As the cloud becomes a more popular computing solution in the commercial world, it is starting to pique the interest of the academic research community. Collaborators of the experiment at the High Energy Accelerator Research Organization, known as KEK, in Japan are considering supplementing their computing with Amazon’s Elastic Compute Cloud (EC2), which provides on-demand, virtual computing resources over the Internet.
The KEKB particle accelerator produces a more densely-packed, intense beam than any currently operating collider, and an upgrade to the machine in 2013 is expected to increase the intensity by a factor of 50. The new Belle II detector will come online at the same time equipped to handle the estimated hundred-fold increase in data—expected to total 40 petabytes per year. This load will require more than 100,000 CPU cores, leading the collaboration to consider new computing options, said Martin Sevior, a KEK collaborator based at the University of Melbourne in Australia.

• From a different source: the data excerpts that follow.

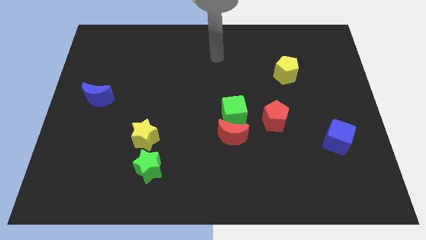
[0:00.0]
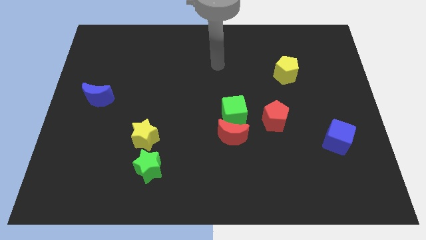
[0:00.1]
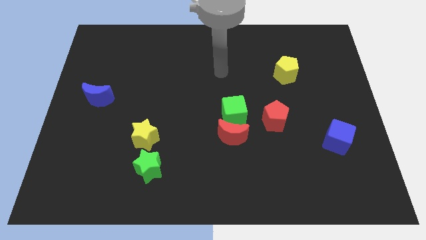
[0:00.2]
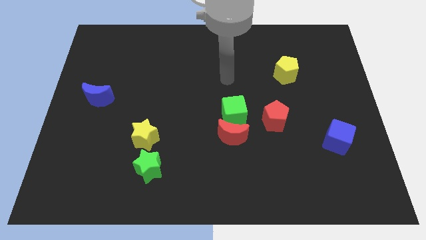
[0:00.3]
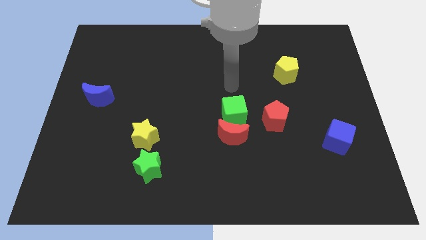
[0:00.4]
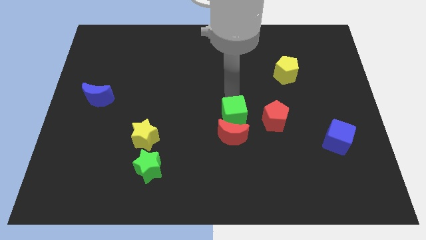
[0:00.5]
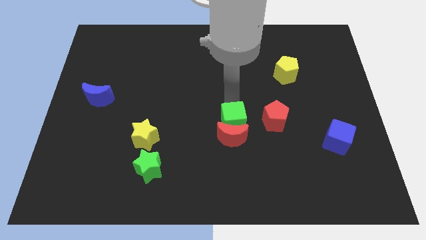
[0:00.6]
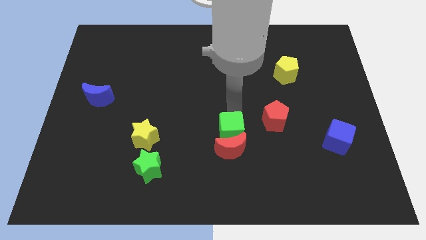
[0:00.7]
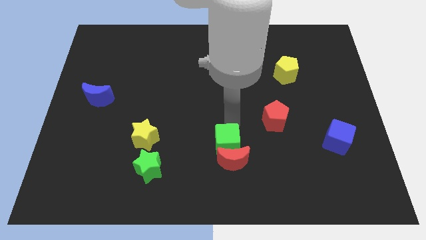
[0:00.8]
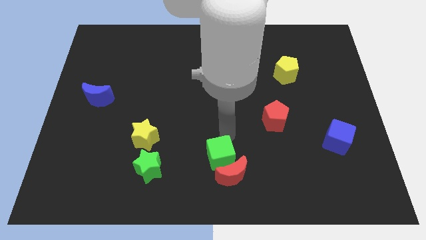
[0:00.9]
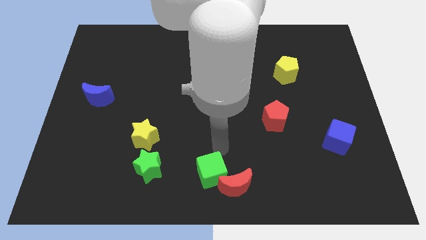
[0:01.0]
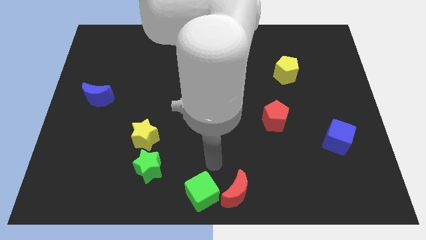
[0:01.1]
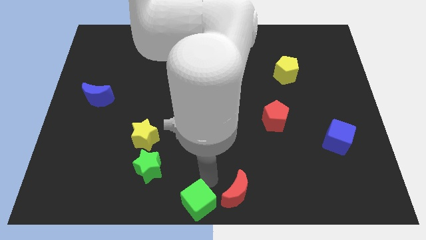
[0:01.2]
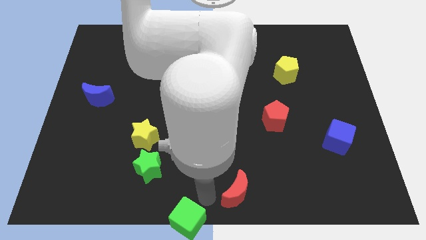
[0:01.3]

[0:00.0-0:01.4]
pull the red moon apart from the green cube

Sevior and his colleagues ran the complete Belle simulated data analysis chain on EC2 to test it, and found it easy to deploy jobs. They created an Amazon Machine Image (AMI), a computing environment customized to contain both the Scientific Linux operating system and applications for the Belle analysis system. Each AMI contains eight CPU cores—imagine eight PCs—and can be duplicated 20 times, creating a virtual 160-core cluster. To lower costs, the team set up an automation system that duplicates the AMI on demand and shuts down instances of it as need drops.
CPU usage is not consistent in high-energy physics experiments, so building a data center to satisfy peak demand would result in significant periods of underutilization. Since EC2 allows flexibility in scaling, Sevior said, a possible solution might be a hybrid system where the cloud provides for peak demand and the grid supplies base-load resources.

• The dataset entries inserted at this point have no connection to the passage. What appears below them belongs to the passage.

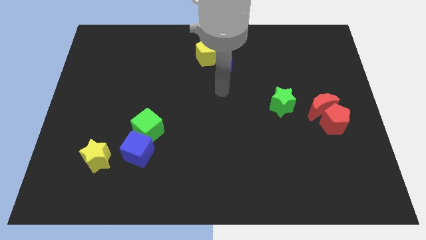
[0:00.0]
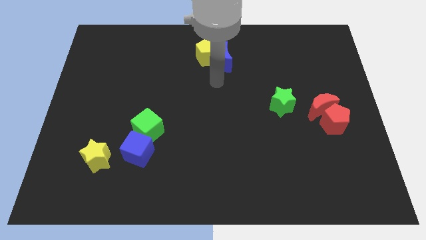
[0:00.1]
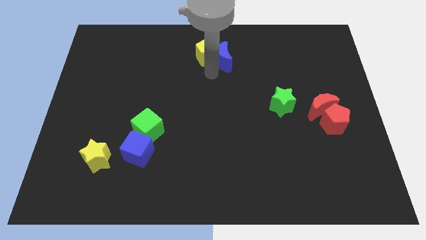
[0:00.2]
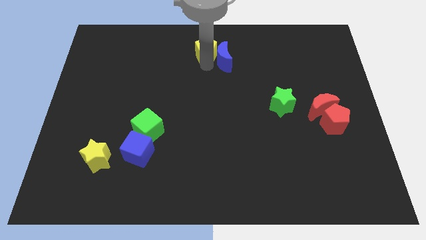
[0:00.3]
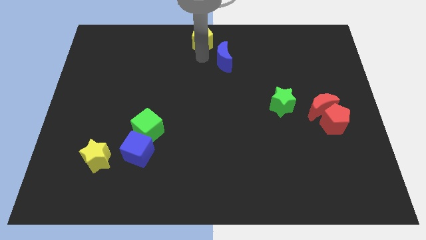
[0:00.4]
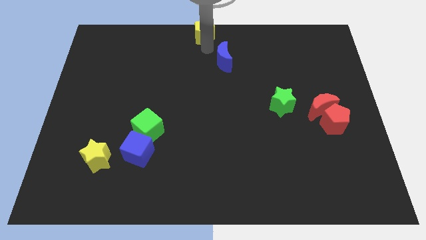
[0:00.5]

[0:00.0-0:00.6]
separate the blue moon from the yellow pentagon

Sevior is concerned about remaining challenges, however. Although EC2 works nicely at the scales tested so far, it may not be feasible at the scales needed by Belle II in 2013. Pricing may need to come down before then, too, if it is to be a competitive option. Finally, he suspects that Belle II’s requirements for data production may exceed Amazon’s capacity to transfer the data back to the Belle II grid.

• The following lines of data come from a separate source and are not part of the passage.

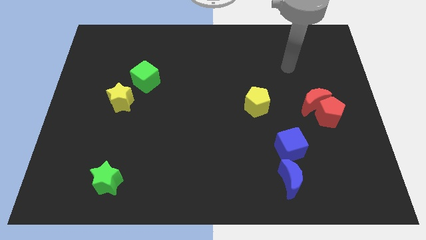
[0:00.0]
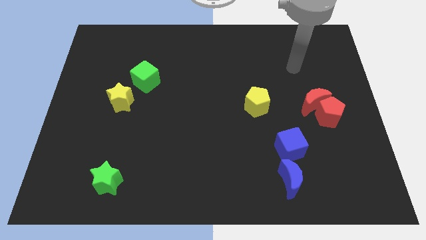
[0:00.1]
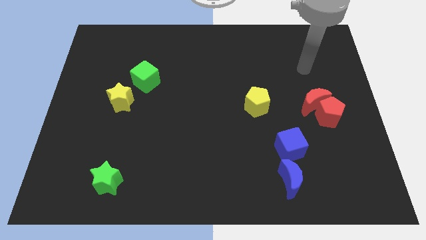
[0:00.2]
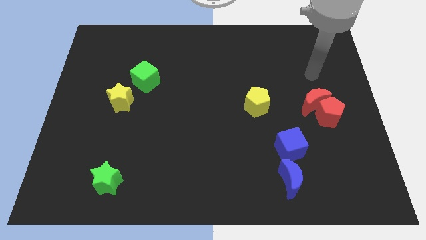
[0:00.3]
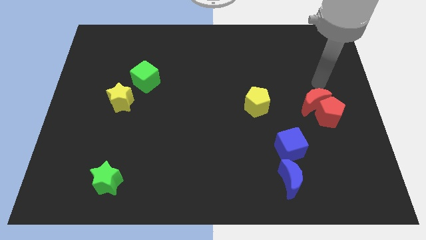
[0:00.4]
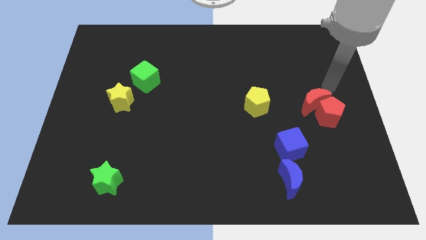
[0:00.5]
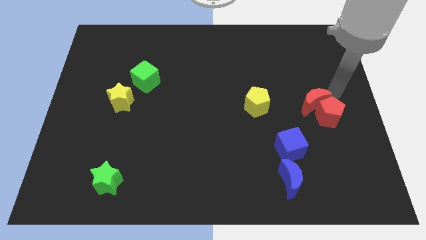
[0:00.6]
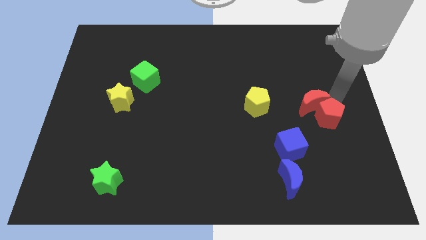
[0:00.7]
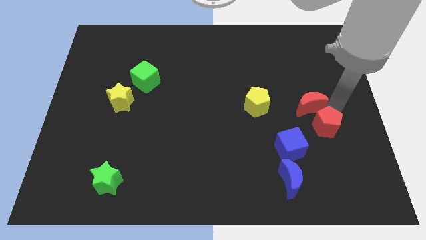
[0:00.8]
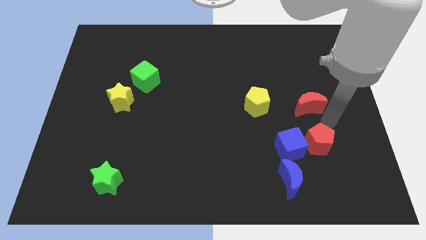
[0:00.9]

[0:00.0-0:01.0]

“EC2 is competitive for jobs that need a lot of resources for a short time, but we have not yet demonstrated it will be useful for the very large-scale needs of Belle II,” Sevior said. “What is clear is that we will need a distributed computing solution very much like a conventional grid and are currently planning to employ gLite for the bulk of our computing. Our investigations are to see to what extent cloud computing can or should supplement this.”
This story first appeared in International Science Grid This Week on May 20, 2009.